* **What you are asked to do**:
Could you retype all of the records exactly, leaving out every picture?

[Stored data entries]
========
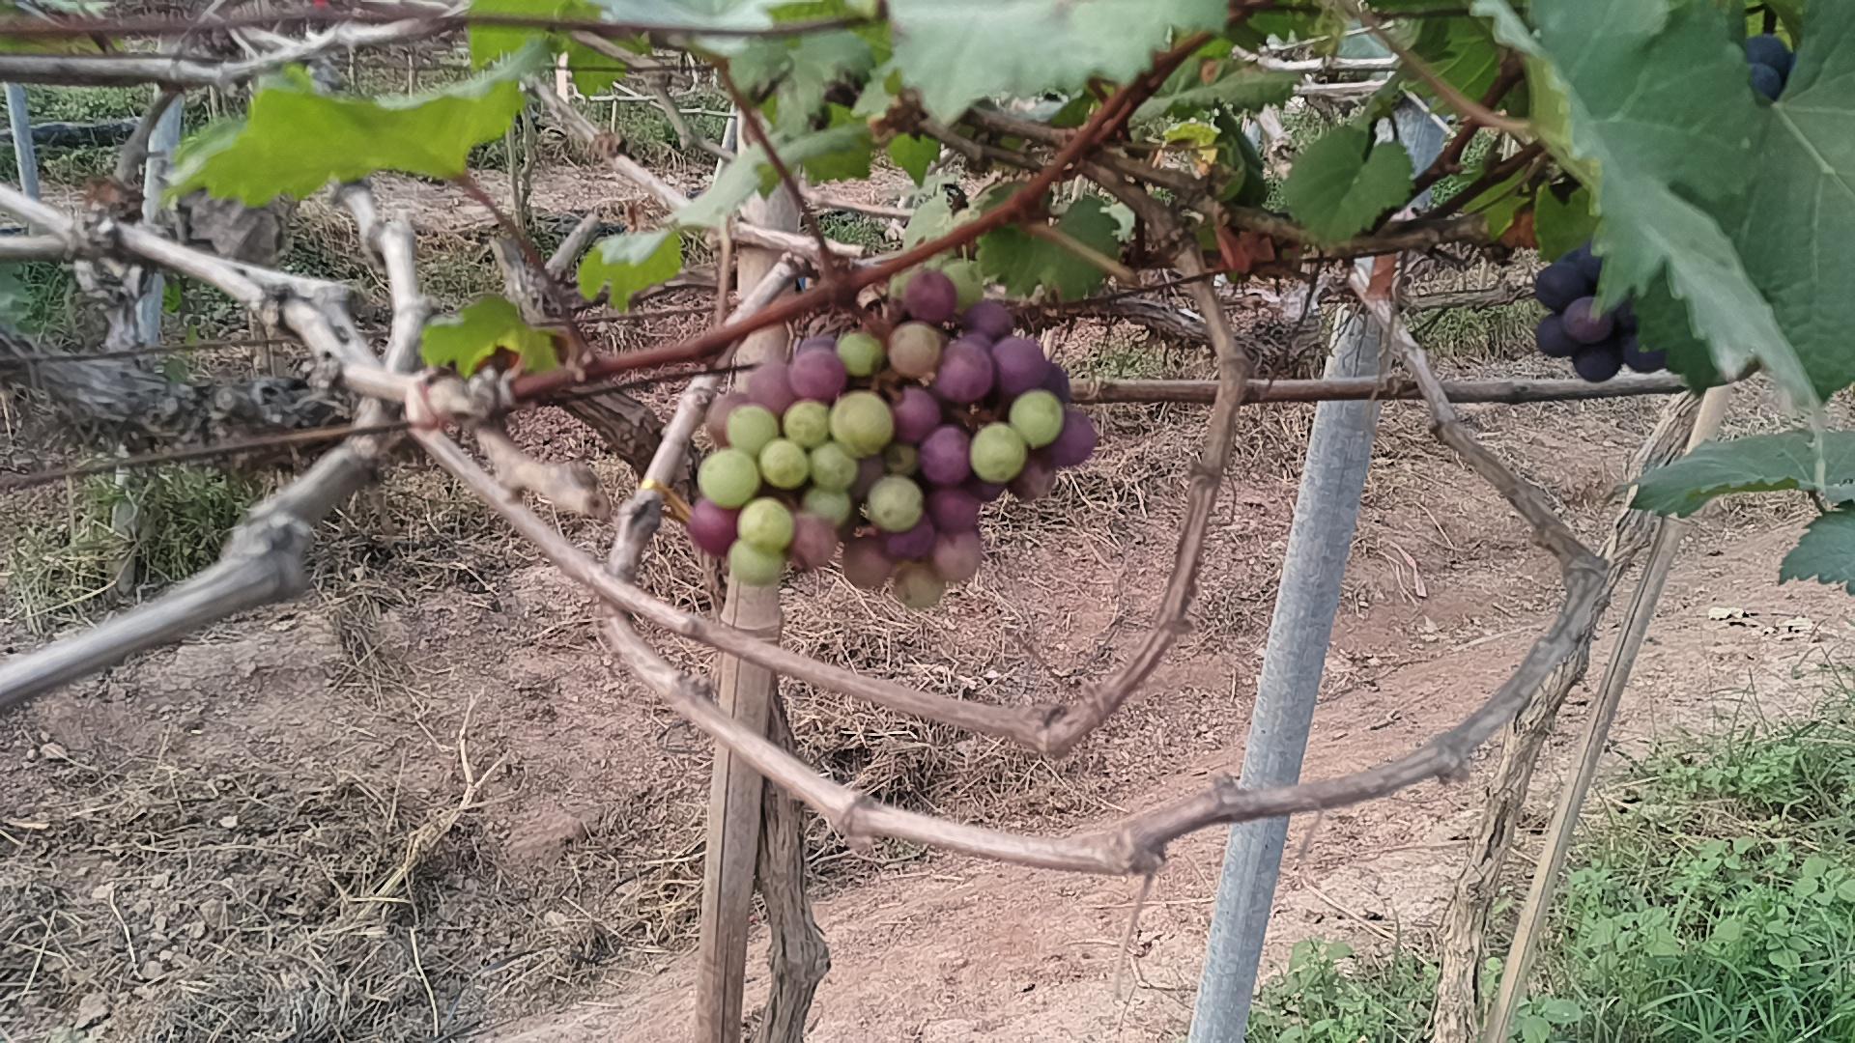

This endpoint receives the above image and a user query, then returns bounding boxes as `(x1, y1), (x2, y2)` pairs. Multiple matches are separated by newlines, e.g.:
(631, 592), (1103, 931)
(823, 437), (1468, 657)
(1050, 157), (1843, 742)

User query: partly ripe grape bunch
(691, 259), (1097, 607)
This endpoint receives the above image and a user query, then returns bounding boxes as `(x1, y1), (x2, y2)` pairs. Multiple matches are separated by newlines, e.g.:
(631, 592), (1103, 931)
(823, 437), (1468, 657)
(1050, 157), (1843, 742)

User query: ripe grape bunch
(1531, 33), (1797, 389)
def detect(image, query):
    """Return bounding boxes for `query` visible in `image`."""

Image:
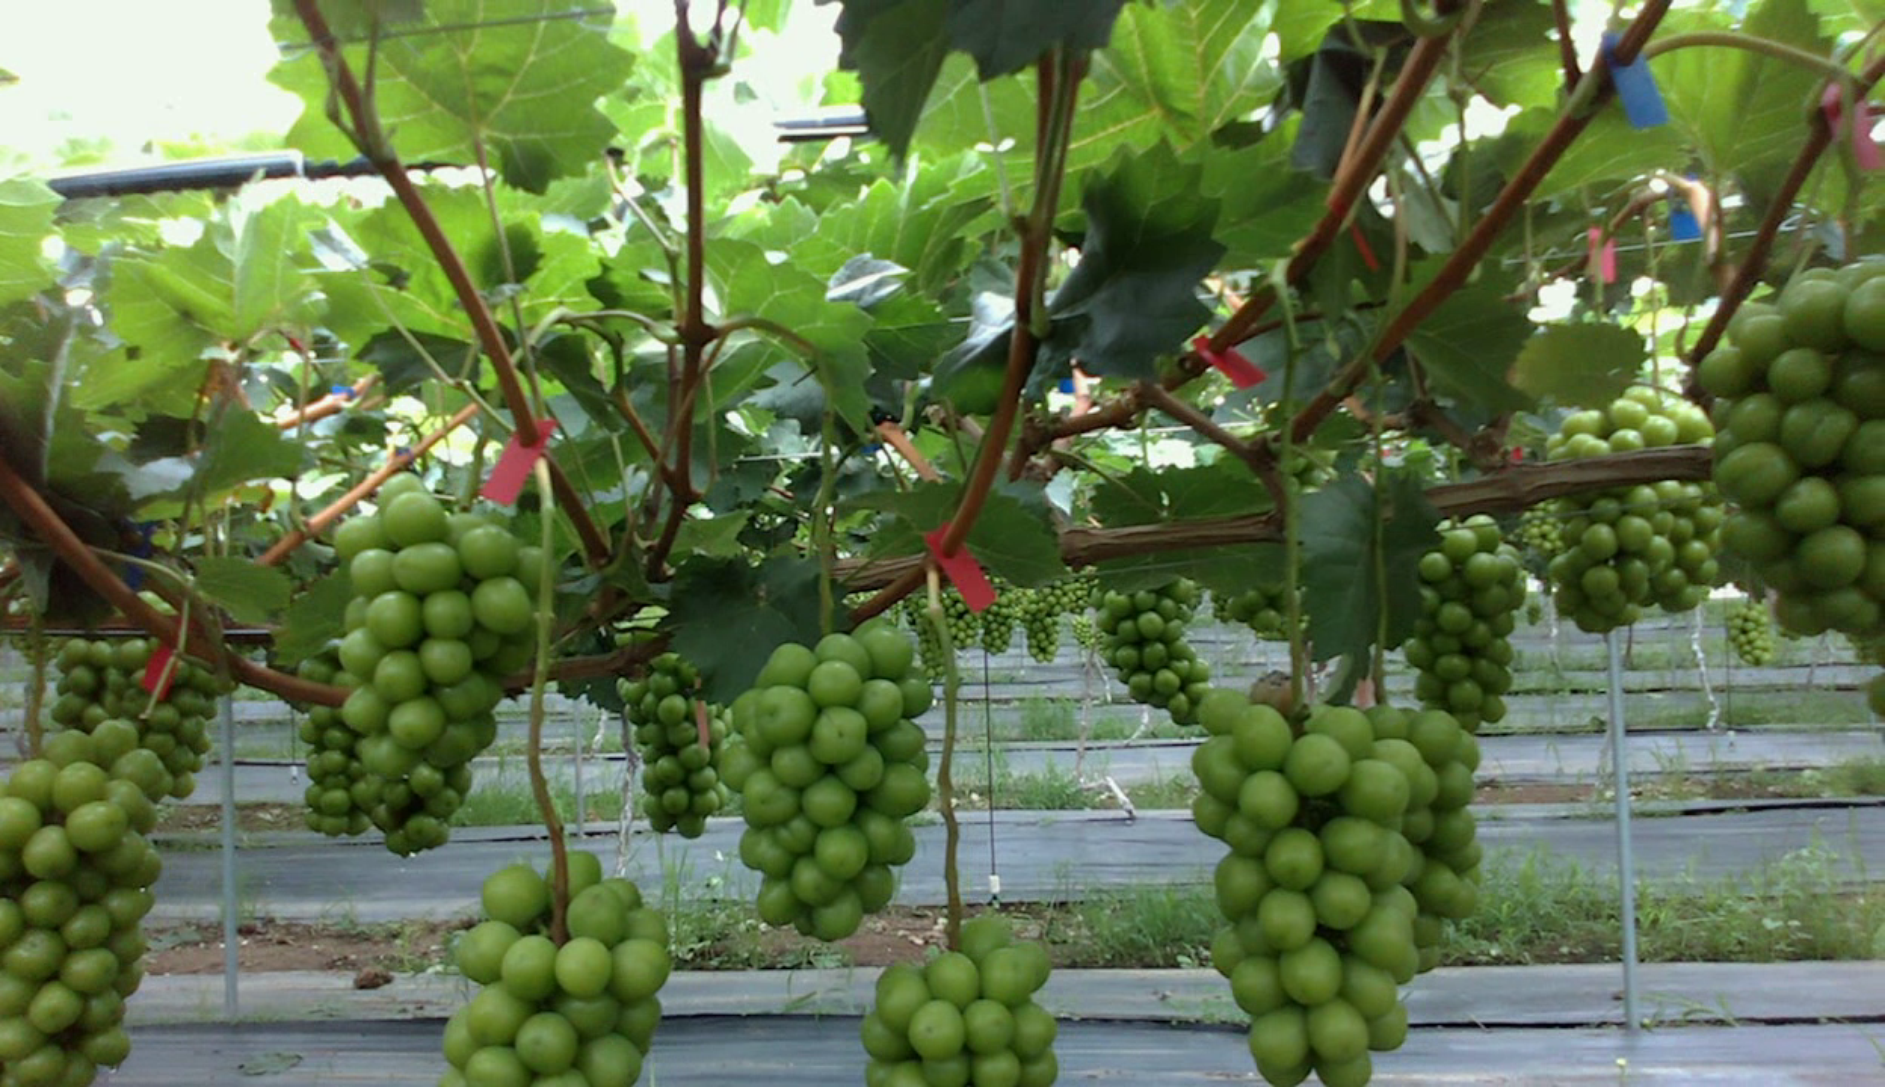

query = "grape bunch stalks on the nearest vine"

[924,568,961,951]
[527,459,571,950]
[1640,30,1873,266]
[27,601,45,759]
[1371,438,1390,704]
[714,317,835,637]
[1267,255,1308,740]
[456,414,492,515]
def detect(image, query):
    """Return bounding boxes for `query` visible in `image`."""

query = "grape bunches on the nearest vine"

[1364,702,1482,975]
[1696,255,1882,719]
[2,720,174,1085]
[859,916,1059,1085]
[716,617,933,942]
[1189,670,1438,1085]
[433,850,672,1085]
[332,470,542,858]
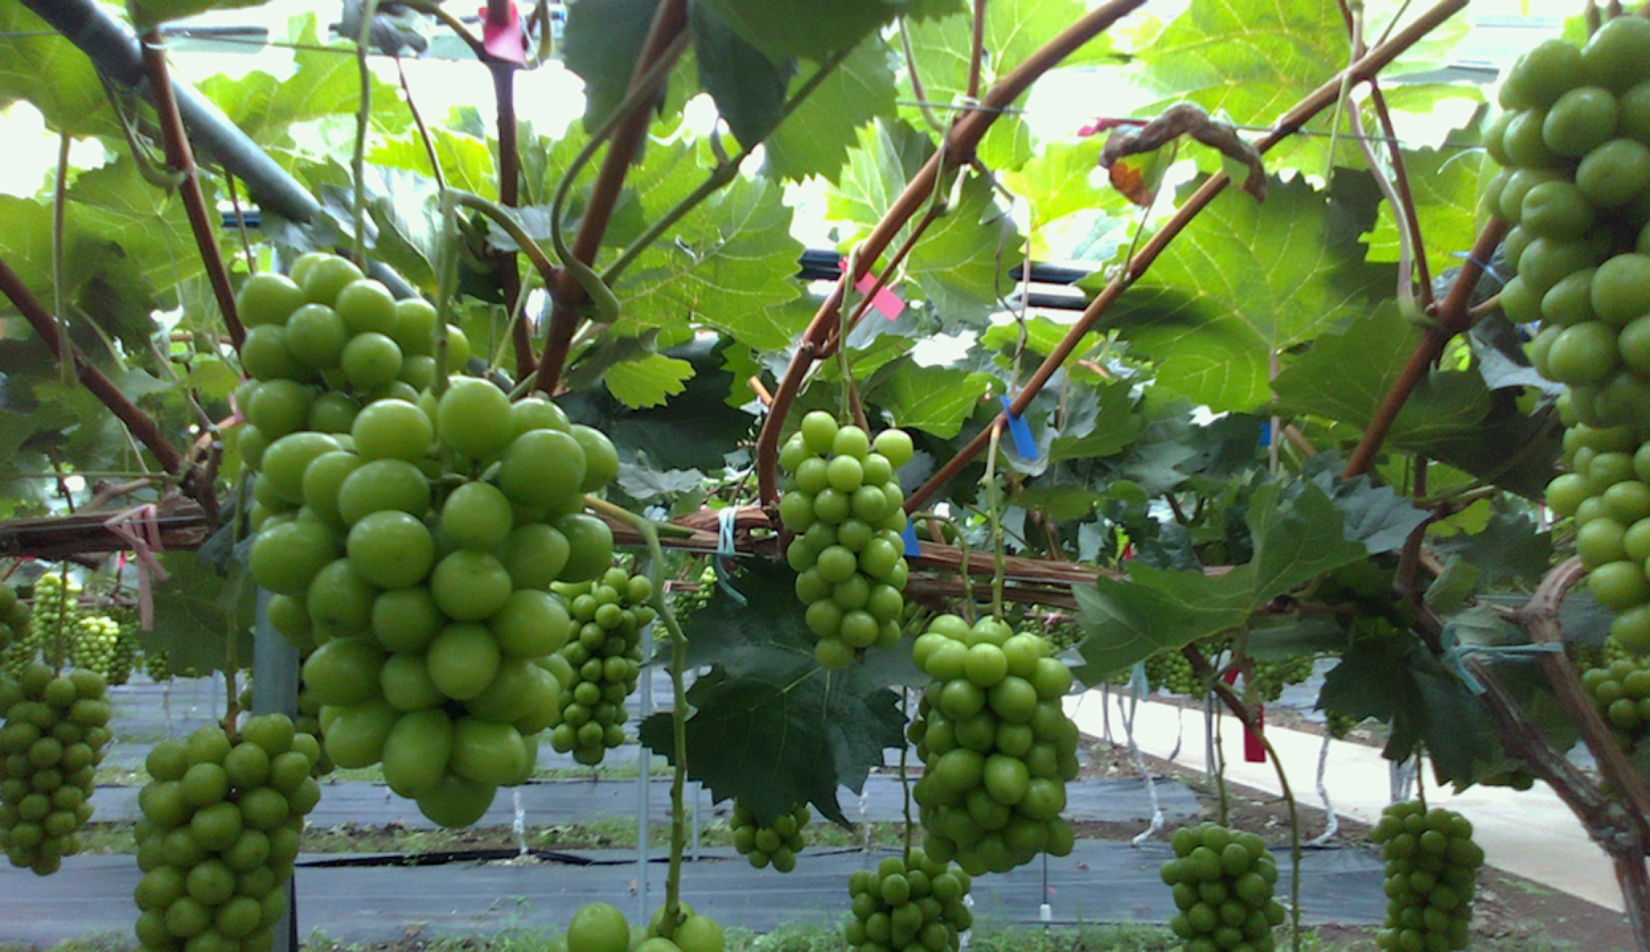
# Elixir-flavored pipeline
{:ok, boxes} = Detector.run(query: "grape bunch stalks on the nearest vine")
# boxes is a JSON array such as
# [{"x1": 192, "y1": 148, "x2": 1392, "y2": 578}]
[
  {"x1": 980, "y1": 423, "x2": 1003, "y2": 620},
  {"x1": 435, "y1": 186, "x2": 553, "y2": 395},
  {"x1": 838, "y1": 242, "x2": 861, "y2": 427},
  {"x1": 221, "y1": 464, "x2": 249, "y2": 739}
]
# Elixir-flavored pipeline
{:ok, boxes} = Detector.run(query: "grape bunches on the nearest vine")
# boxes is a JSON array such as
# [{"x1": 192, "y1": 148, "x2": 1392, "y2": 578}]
[
  {"x1": 910, "y1": 617, "x2": 1079, "y2": 874},
  {"x1": 131, "y1": 713, "x2": 321, "y2": 949},
  {"x1": 253, "y1": 379, "x2": 617, "y2": 826},
  {"x1": 230, "y1": 250, "x2": 435, "y2": 464},
  {"x1": 780, "y1": 413, "x2": 911, "y2": 669},
  {"x1": 1546, "y1": 398, "x2": 1649, "y2": 654},
  {"x1": 1486, "y1": 15, "x2": 1649, "y2": 427}
]
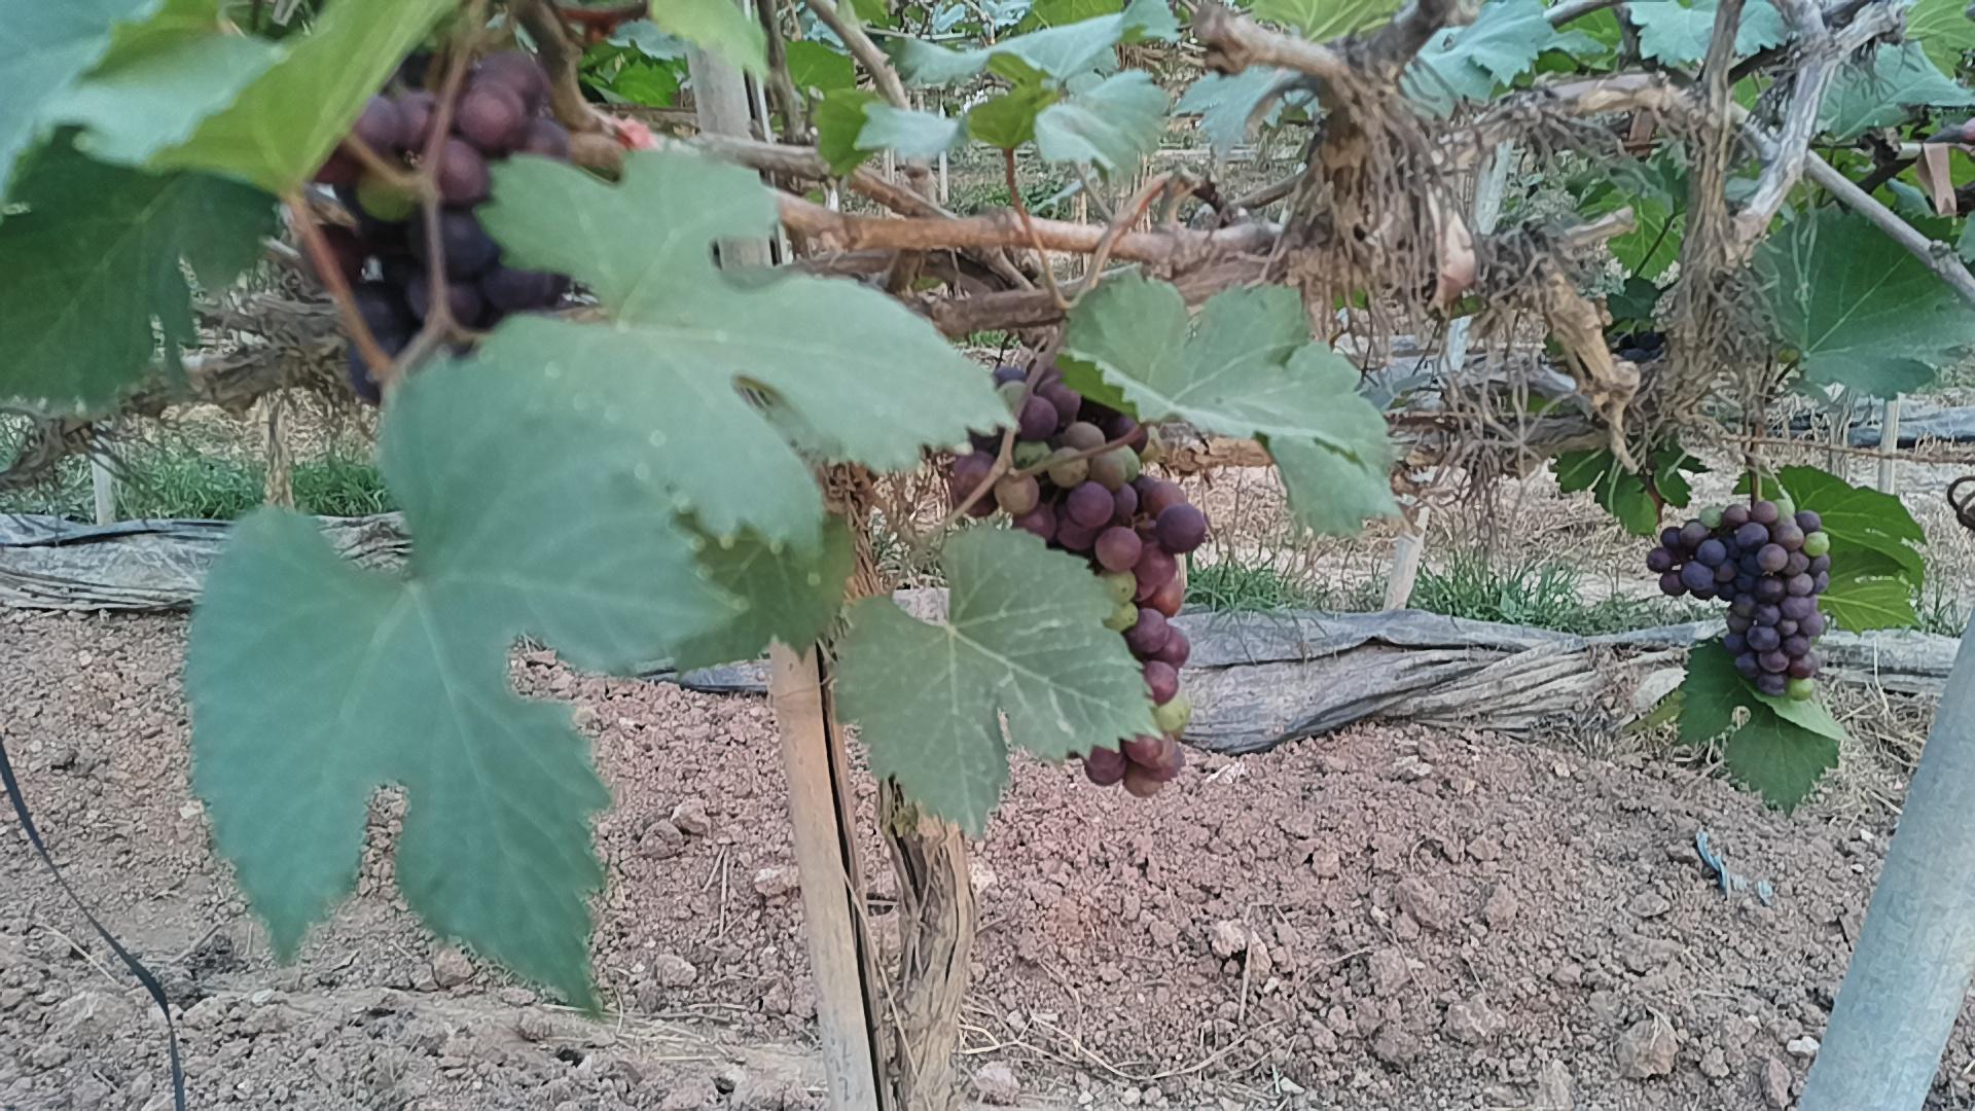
========
* **Result**:
This endpoint receives the above image and a user query, then returns bounding boxes as `(x1, y1), (x2, y2)` pairs. Multiple matches are separated by newlines, e.g.:
(631, 592), (1103, 931)
(823, 437), (1468, 657)
(1050, 157), (1843, 742)

User query: partly ripe grape bunch
(691, 259), (1097, 607)
This endpoint receives the above image and a user query, then returns bounding boxes as `(x1, y1), (x2, y2)` pairs. Multiple matches are separated by newlines, e.g.:
(631, 592), (1103, 931)
(823, 437), (1468, 657)
(1050, 157), (1843, 742)

User query: ripe grape bunch
(1531, 33), (1797, 389)
def detect(image, query):
    """Return bounding boxes for `query` visible in `image`."""

Image:

query = "grape bunch stalks on the nearest vine"

[924,568,961,951]
[527,459,571,950]
[1640,30,1873,266]
[27,601,45,759]
[1371,438,1390,704]
[714,317,835,637]
[1267,255,1308,740]
[456,414,492,515]
def detect(image, query):
    """Return bounding boxes for `query` visible in `image`."""

query = "grape bunches on the nearest vine"

[1364,702,1482,975]
[1696,255,1882,719]
[2,720,174,1085]
[859,916,1059,1085]
[716,617,933,942]
[1189,670,1438,1085]
[433,850,672,1085]
[332,470,542,858]
# Elixir-flavored pipeline
{:ok, boxes} = Detector.run(query: "grape bunch stalks on the nearest vine")
# boxes is a JSON array such as
# [{"x1": 192, "y1": 148, "x2": 1392, "y2": 578}]
[
  {"x1": 980, "y1": 423, "x2": 1003, "y2": 620},
  {"x1": 435, "y1": 186, "x2": 553, "y2": 395},
  {"x1": 838, "y1": 242, "x2": 861, "y2": 427},
  {"x1": 221, "y1": 464, "x2": 249, "y2": 739}
]
# Elixir-flavored pipeline
{:ok, boxes} = Detector.run(query: "grape bunches on the nearest vine")
# boxes is a JSON array such as
# [{"x1": 192, "y1": 148, "x2": 1392, "y2": 578}]
[
  {"x1": 910, "y1": 617, "x2": 1079, "y2": 874},
  {"x1": 131, "y1": 713, "x2": 321, "y2": 949},
  {"x1": 253, "y1": 379, "x2": 617, "y2": 826},
  {"x1": 230, "y1": 250, "x2": 435, "y2": 464},
  {"x1": 780, "y1": 413, "x2": 911, "y2": 669},
  {"x1": 1546, "y1": 398, "x2": 1649, "y2": 654},
  {"x1": 1486, "y1": 15, "x2": 1649, "y2": 427}
]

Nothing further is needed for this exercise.